Disabling the Module #
Disabling Returns is almost never recommended — it’s the highest-signal module. The only realistic use case is: you’ve completely rebuilt scoring around external data (CRM, dedicated fraud platform) and Returns signals are interfering with your custom logic. Even then, consider disabling only the Returns signals in your custom code via trustlens/score_signals rather than turning off the module — keeping the module on preserves the aggregate stats on the customer record, which are useful for the Dashboard and Customer Detail views regardless of scoring.

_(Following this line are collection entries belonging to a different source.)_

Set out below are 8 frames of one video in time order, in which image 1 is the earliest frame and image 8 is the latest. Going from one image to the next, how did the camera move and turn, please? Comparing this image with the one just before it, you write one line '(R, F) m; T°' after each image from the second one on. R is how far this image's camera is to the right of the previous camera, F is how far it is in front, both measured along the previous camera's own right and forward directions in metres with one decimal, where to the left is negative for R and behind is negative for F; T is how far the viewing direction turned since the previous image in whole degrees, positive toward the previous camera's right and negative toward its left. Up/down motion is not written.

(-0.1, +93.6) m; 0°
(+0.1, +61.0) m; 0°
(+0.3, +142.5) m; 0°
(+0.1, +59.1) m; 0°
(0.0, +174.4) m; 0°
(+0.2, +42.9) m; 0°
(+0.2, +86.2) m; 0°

What Happens When You Disable It #
- No new refund events are recorded — aggregate counts stop updating
- No Returns signals contribute to scores
- The Returns settings sub-section is hidden
- Existing
return_rate,total_refunds, and related columns are preserved - The Dashboard’s Refund Activity chart and Top Returners list go stale (no new data)

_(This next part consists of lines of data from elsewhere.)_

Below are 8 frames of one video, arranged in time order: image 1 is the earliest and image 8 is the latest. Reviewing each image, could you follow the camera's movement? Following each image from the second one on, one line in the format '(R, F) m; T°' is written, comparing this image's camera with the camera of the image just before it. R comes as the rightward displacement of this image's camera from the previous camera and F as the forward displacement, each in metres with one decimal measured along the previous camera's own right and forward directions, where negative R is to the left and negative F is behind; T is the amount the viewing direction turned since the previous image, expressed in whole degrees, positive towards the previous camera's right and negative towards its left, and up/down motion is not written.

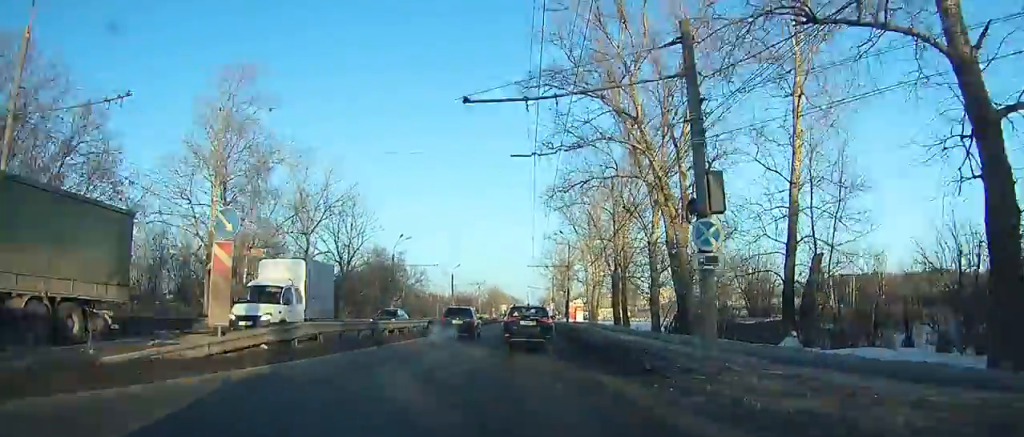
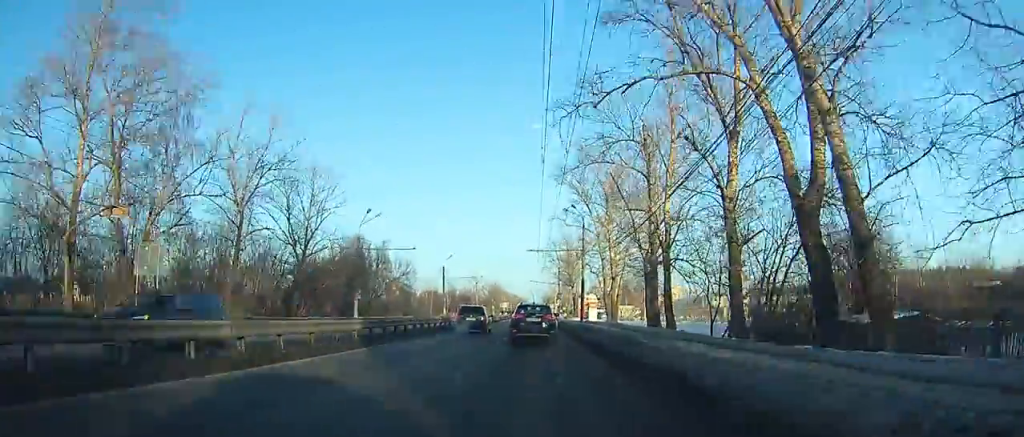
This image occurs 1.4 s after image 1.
(+0.3, +13.2) m; -1°
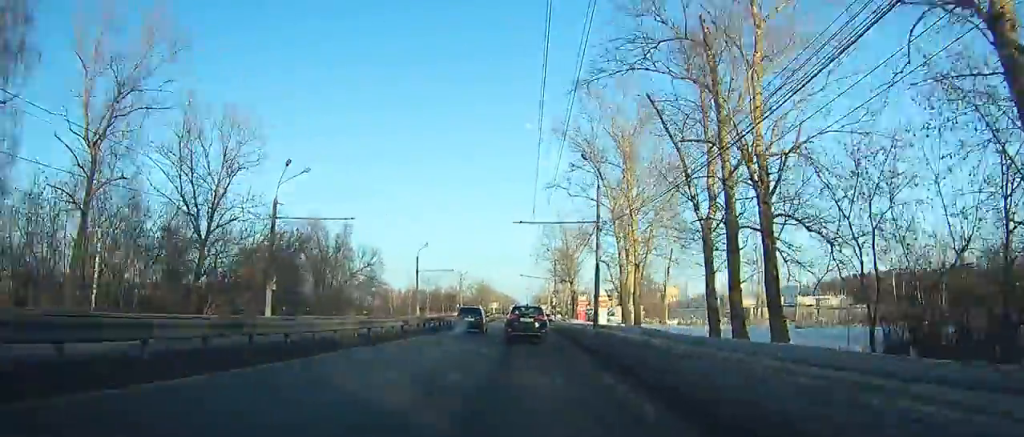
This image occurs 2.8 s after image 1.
(-0.6, +17.0) m; 0°
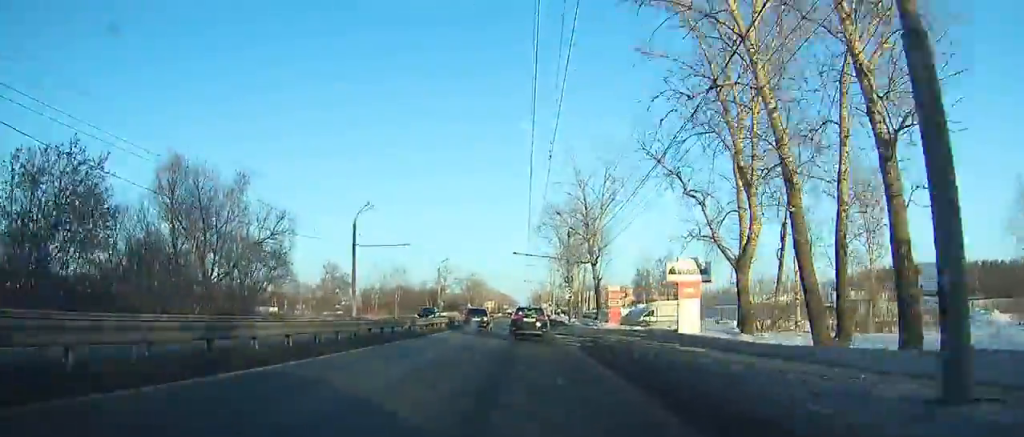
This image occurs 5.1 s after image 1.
(-0.3, +29.8) m; 0°
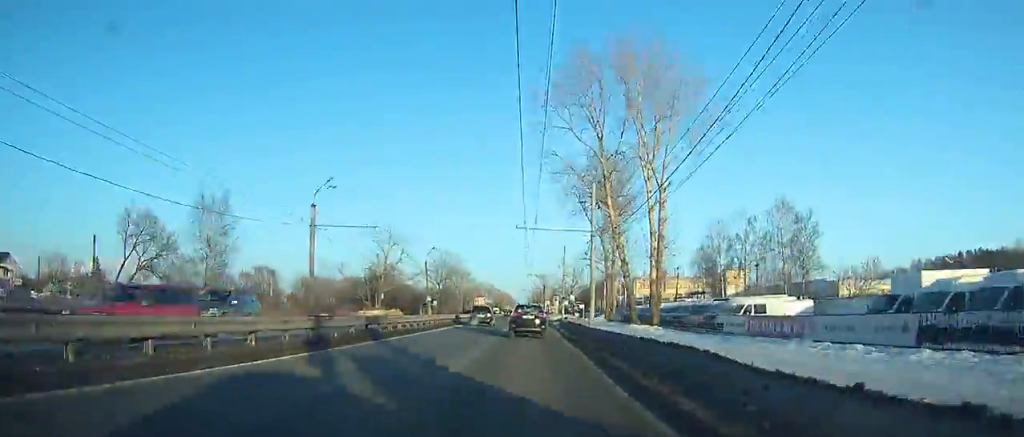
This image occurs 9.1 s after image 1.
(+0.9, +61.5) m; +1°
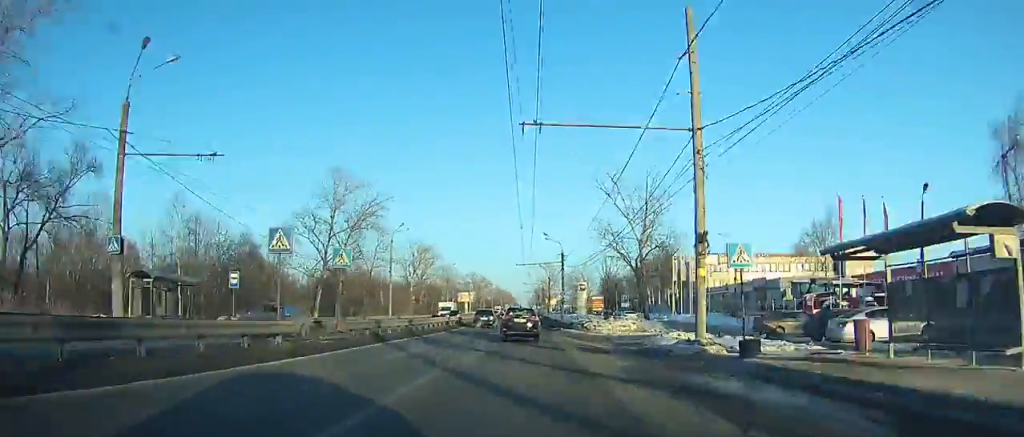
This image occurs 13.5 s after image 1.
(+0.2, +75.6) m; 0°
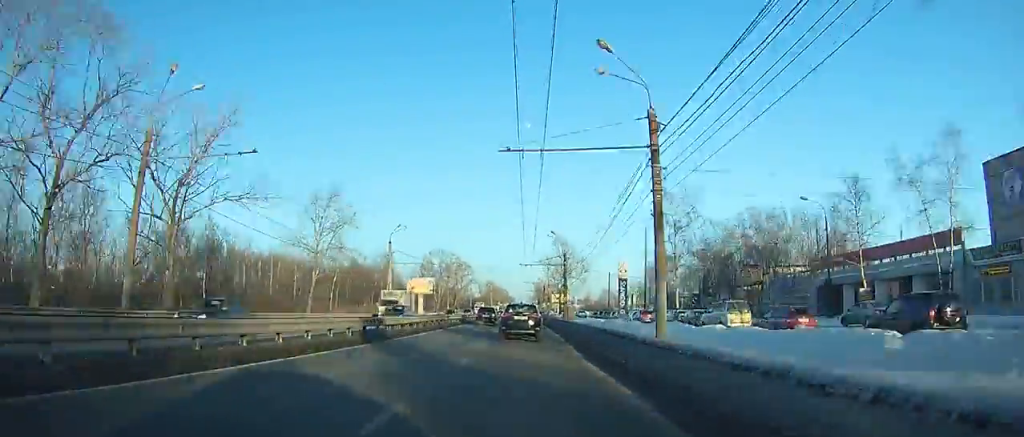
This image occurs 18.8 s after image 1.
(-0.2, +96.4) m; 0°
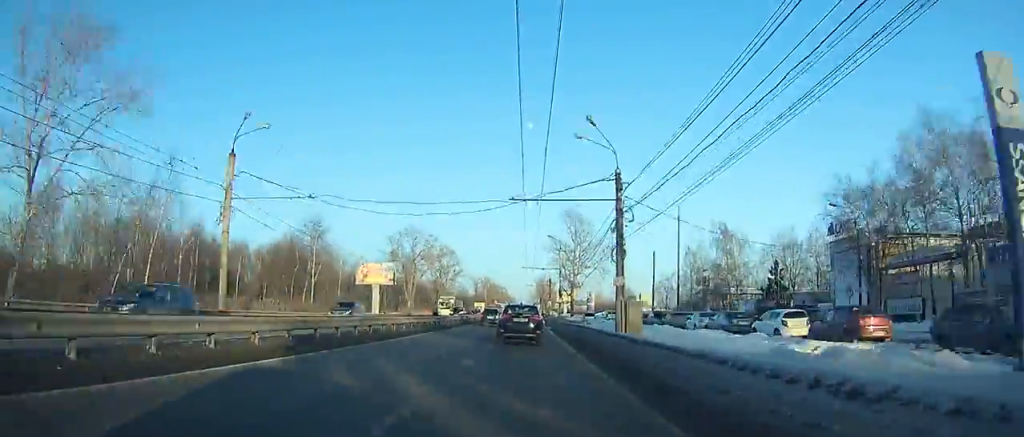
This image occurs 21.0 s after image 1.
(-0.1, +40.1) m; 0°

Re-enabling resumes observation from that point — existing customers don’t get retroactive credit or penalty for refunds during the off period.
Reading the Returns Section of a Profile #
On the Customer Detail page, the Returns module’s contribution shows up in two places:
- The signal breakdown — one to three rows tagged with the
returnsmodule ID, each with its score and reason - The Return Rate trend chart — a 30-day or 90-day view of how the customer’s return rate has moved
The stats panel also shows the underlying counts (total refunds, full vs partial, total refund value) so you can verify the signal calculation by hand.
API Access #
The Returns module’s data is part of the customer record and is accessible via REST:
GET /wp-json/trustlens/v1/customers/{email_hash}
Response includes total_refunds, full_refunds, partial_refunds, total_refund_value, return_rate, and last_refund_date. See REST API Reference.